■ **How to complete this task**
Please keep to the lines below from the one with "#5931=PLANE('',#6080);" through the one with "#10170=CARTESIAN_POINT('',(-104.,-106.5,28.39));", and restate them word for word, ends included.
───── Material for this exercise
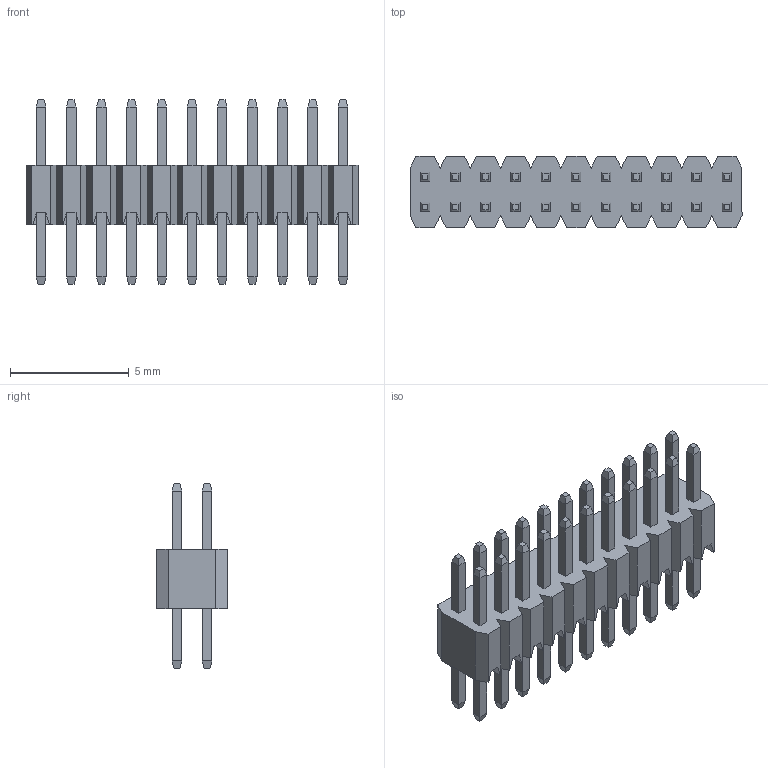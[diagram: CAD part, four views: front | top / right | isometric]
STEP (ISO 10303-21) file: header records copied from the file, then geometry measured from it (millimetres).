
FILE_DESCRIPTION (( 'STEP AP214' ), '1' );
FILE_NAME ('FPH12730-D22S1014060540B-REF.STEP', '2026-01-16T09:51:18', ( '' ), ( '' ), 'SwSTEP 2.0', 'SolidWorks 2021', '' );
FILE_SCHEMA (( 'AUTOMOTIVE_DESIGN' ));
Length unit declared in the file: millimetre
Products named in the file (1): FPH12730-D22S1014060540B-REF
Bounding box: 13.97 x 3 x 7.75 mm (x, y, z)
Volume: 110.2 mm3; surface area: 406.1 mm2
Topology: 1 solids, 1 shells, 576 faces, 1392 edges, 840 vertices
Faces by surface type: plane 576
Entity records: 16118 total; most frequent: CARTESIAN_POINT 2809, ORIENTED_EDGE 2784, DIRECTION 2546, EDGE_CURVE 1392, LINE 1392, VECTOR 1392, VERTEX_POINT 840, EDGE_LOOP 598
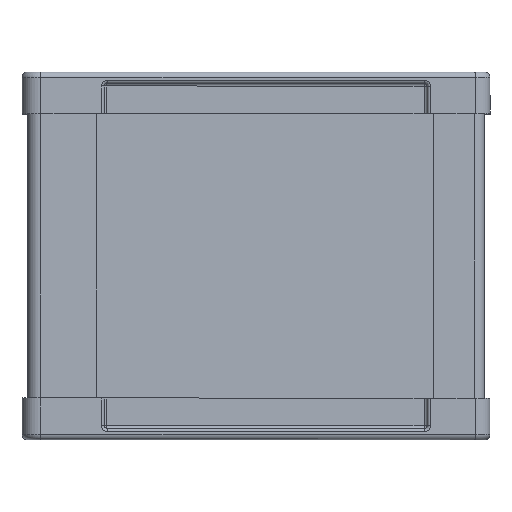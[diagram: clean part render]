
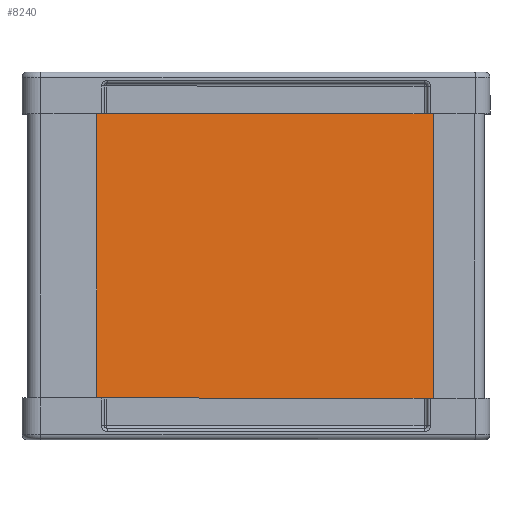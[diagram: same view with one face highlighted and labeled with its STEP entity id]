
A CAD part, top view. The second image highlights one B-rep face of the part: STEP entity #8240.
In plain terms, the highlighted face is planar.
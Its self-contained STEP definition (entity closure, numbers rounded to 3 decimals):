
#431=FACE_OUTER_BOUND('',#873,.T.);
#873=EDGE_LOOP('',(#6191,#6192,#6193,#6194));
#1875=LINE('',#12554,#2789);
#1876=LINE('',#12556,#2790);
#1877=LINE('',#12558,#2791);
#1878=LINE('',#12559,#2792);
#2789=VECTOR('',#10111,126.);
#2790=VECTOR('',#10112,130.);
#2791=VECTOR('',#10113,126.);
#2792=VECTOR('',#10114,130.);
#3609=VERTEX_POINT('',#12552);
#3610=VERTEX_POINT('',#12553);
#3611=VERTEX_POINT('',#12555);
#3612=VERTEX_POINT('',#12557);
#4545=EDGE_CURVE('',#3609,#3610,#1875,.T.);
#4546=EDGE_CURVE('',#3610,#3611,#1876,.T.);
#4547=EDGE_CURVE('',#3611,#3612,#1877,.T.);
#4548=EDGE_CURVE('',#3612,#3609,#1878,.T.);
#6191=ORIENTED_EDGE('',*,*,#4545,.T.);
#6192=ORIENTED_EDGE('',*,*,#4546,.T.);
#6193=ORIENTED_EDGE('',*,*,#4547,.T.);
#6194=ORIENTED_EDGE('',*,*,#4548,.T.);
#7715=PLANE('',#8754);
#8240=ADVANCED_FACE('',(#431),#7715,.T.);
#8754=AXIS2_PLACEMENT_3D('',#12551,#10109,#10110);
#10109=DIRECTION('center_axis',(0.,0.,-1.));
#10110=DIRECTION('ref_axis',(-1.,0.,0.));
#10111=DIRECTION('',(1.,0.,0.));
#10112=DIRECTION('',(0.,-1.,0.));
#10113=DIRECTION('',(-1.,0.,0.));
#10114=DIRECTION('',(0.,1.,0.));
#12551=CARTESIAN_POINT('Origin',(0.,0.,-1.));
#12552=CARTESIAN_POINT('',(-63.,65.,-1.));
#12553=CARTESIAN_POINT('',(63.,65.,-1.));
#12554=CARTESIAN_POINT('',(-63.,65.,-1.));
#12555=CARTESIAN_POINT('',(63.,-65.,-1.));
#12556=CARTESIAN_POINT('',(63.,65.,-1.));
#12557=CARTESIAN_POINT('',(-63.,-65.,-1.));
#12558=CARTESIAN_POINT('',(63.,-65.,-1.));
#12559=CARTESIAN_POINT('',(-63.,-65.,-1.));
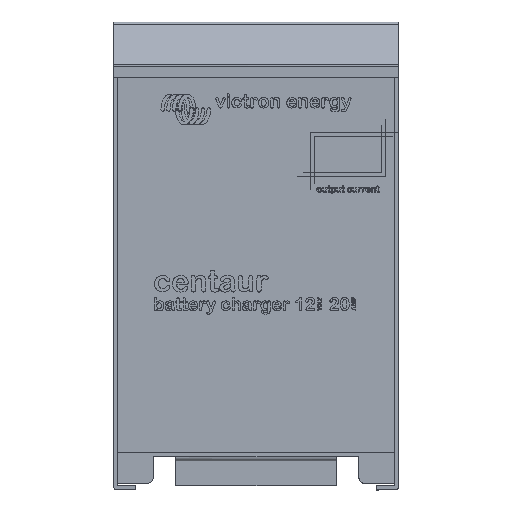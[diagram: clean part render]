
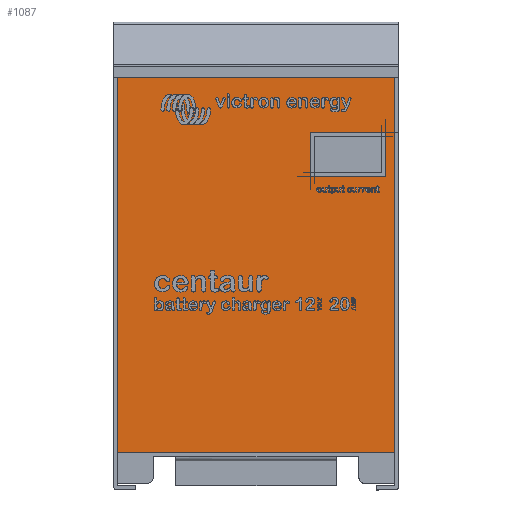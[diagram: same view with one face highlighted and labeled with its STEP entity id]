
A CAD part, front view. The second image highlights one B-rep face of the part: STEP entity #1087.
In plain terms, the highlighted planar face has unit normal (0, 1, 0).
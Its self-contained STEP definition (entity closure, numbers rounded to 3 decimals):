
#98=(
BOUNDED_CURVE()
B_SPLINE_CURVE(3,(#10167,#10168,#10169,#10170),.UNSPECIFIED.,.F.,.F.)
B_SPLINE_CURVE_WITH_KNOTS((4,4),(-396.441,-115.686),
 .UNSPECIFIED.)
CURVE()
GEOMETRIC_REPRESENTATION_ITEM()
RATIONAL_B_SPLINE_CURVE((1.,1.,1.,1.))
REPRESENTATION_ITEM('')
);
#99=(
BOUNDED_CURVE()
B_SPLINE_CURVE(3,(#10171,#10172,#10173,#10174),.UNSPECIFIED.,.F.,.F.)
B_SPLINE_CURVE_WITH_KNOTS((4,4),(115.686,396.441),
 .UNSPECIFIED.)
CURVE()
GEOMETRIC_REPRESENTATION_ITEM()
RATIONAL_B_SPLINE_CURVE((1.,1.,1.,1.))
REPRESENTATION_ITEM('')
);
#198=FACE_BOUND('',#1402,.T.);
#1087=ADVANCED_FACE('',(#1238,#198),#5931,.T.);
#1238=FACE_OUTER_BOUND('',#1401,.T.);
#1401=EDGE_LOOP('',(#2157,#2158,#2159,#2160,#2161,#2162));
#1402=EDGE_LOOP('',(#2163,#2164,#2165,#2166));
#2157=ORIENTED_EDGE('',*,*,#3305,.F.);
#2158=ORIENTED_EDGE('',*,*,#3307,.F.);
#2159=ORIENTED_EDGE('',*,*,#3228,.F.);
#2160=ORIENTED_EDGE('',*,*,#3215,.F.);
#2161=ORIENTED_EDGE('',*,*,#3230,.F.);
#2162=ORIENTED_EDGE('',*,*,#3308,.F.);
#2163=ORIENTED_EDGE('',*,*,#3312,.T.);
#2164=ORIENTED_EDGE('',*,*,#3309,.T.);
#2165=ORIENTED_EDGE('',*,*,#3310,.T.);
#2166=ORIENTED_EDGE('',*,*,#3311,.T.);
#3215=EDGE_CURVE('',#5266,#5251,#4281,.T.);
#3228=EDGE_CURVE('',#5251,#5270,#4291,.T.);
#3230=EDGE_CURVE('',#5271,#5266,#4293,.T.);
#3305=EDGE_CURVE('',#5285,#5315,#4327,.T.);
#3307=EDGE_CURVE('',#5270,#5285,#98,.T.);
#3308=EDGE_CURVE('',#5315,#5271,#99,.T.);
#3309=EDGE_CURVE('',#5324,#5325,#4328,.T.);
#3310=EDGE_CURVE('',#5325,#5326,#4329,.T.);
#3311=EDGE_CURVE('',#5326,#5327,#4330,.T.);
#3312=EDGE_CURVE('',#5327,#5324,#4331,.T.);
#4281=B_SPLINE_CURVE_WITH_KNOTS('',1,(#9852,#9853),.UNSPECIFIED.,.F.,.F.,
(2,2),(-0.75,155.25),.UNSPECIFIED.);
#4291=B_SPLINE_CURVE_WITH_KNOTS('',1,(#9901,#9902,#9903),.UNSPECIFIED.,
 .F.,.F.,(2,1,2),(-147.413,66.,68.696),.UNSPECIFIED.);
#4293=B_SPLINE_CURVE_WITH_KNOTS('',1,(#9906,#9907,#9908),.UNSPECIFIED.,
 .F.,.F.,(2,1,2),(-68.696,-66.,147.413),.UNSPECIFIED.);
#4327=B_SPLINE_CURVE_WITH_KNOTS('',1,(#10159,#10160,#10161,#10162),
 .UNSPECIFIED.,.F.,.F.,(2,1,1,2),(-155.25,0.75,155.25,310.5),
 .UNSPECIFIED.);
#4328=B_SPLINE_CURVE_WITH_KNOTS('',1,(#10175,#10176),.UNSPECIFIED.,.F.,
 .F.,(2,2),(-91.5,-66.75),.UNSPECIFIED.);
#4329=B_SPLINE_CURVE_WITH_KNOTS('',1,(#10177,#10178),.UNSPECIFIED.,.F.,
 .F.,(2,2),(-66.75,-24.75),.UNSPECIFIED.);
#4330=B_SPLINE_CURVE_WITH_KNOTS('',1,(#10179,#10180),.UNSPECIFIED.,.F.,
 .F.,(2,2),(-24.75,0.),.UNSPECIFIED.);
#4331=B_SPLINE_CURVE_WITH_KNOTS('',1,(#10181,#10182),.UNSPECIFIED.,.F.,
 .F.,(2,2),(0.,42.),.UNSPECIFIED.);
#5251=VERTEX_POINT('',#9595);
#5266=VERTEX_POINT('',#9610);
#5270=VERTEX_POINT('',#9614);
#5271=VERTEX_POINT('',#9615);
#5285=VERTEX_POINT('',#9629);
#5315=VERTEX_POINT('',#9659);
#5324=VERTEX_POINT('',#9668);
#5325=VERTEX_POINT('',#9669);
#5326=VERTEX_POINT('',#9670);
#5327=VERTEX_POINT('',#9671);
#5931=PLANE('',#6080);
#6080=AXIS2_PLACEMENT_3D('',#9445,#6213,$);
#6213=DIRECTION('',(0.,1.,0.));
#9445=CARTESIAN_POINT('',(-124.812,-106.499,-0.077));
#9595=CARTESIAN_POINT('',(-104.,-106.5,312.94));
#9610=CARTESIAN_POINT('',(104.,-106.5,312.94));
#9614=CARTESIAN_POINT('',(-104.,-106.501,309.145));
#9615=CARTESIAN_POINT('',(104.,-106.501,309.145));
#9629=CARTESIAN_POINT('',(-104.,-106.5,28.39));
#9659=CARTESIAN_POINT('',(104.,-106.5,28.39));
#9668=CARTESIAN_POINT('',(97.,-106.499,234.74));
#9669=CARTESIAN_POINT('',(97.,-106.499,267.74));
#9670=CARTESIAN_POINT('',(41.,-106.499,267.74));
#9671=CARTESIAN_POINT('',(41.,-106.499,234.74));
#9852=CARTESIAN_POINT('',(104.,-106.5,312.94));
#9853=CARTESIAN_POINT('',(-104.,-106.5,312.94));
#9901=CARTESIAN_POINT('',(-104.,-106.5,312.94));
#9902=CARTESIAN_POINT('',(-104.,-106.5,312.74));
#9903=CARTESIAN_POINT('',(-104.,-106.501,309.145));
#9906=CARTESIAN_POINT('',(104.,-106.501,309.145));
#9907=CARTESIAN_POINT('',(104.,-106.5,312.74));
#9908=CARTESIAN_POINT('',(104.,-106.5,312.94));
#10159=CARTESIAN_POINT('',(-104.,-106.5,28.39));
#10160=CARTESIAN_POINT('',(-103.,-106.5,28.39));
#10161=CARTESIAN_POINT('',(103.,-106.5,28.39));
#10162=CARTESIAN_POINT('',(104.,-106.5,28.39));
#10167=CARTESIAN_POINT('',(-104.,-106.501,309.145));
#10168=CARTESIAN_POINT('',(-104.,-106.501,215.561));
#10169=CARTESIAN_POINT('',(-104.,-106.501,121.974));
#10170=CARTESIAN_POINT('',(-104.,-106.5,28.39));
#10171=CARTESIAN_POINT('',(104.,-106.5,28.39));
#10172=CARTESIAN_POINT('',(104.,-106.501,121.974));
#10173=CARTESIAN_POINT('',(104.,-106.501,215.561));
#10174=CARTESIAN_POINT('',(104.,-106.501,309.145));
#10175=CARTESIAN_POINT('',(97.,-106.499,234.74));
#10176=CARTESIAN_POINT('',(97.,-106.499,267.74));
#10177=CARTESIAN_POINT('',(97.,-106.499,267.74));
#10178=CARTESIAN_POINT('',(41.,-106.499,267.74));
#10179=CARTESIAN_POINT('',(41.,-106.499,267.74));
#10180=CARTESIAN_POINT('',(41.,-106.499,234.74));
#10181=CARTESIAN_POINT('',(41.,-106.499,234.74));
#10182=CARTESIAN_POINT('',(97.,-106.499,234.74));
──────────
■ **Answer to this exercise**
#5931=PLANE('',#6080);
#6080=AXIS2_PLACEMENT_3D('',#9445,#6213,$);
#6213=DIRECTION('',(0.,1.,0.));
#9445=CARTESIAN_POINT('',(-124.812,-106.499,-0.077));
#9595=CARTESIAN_POINT('',(-104.,-106.5,312.94));
#9610=CARTESIAN_POINT('',(104.,-106.5,312.94));
#9614=CARTESIAN_POINT('',(-104.,-106.501,309.145));
#9615=CARTESIAN_POINT('',(104.,-106.501,309.145));
#9629=CARTESIAN_POINT('',(-104.,-106.5,28.39));
#9659=CARTESIAN_POINT('',(104.,-106.5,28.39));
#9668=CARTESIAN_POINT('',(97.,-106.499,234.74));
#9669=CARTESIAN_POINT('',(97.,-106.499,267.74));
#9670=CARTESIAN_POINT('',(41.,-106.499,267.74));
#9671=CARTESIAN_POINT('',(41.,-106.499,234.74));
#9852=CARTESIAN_POINT('',(104.,-106.5,312.94));
#9853=CARTESIAN_POINT('',(-104.,-106.5,312.94));
#9901=CARTESIAN_POINT('',(-104.,-106.5,312.94));
#9902=CARTESIAN_POINT('',(-104.,-106.5,312.74));
#9903=CARTESIAN_POINT('',(-104.,-106.501,309.145));
#9906=CARTESIAN_POINT('',(104.,-106.501,309.145));
#9907=CARTESIAN_POINT('',(104.,-106.5,312.74));
#9908=CARTESIAN_POINT('',(104.,-106.5,312.94));
#10159=CARTESIAN_POINT('',(-104.,-106.5,28.39));
#10160=CARTESIAN_POINT('',(-103.,-106.5,28.39));
#10161=CARTESIAN_POINT('',(103.,-106.5,28.39));
#10162=CARTESIAN_POINT('',(104.,-106.5,28.39));
#10167=CARTESIAN_POINT('',(-104.,-106.501,309.145));
#10168=CARTESIAN_POINT('',(-104.,-106.501,215.561));
#10169=CARTESIAN_POINT('',(-104.,-106.501,121.974));
#10170=CARTESIAN_POINT('',(-104.,-106.5,28.39));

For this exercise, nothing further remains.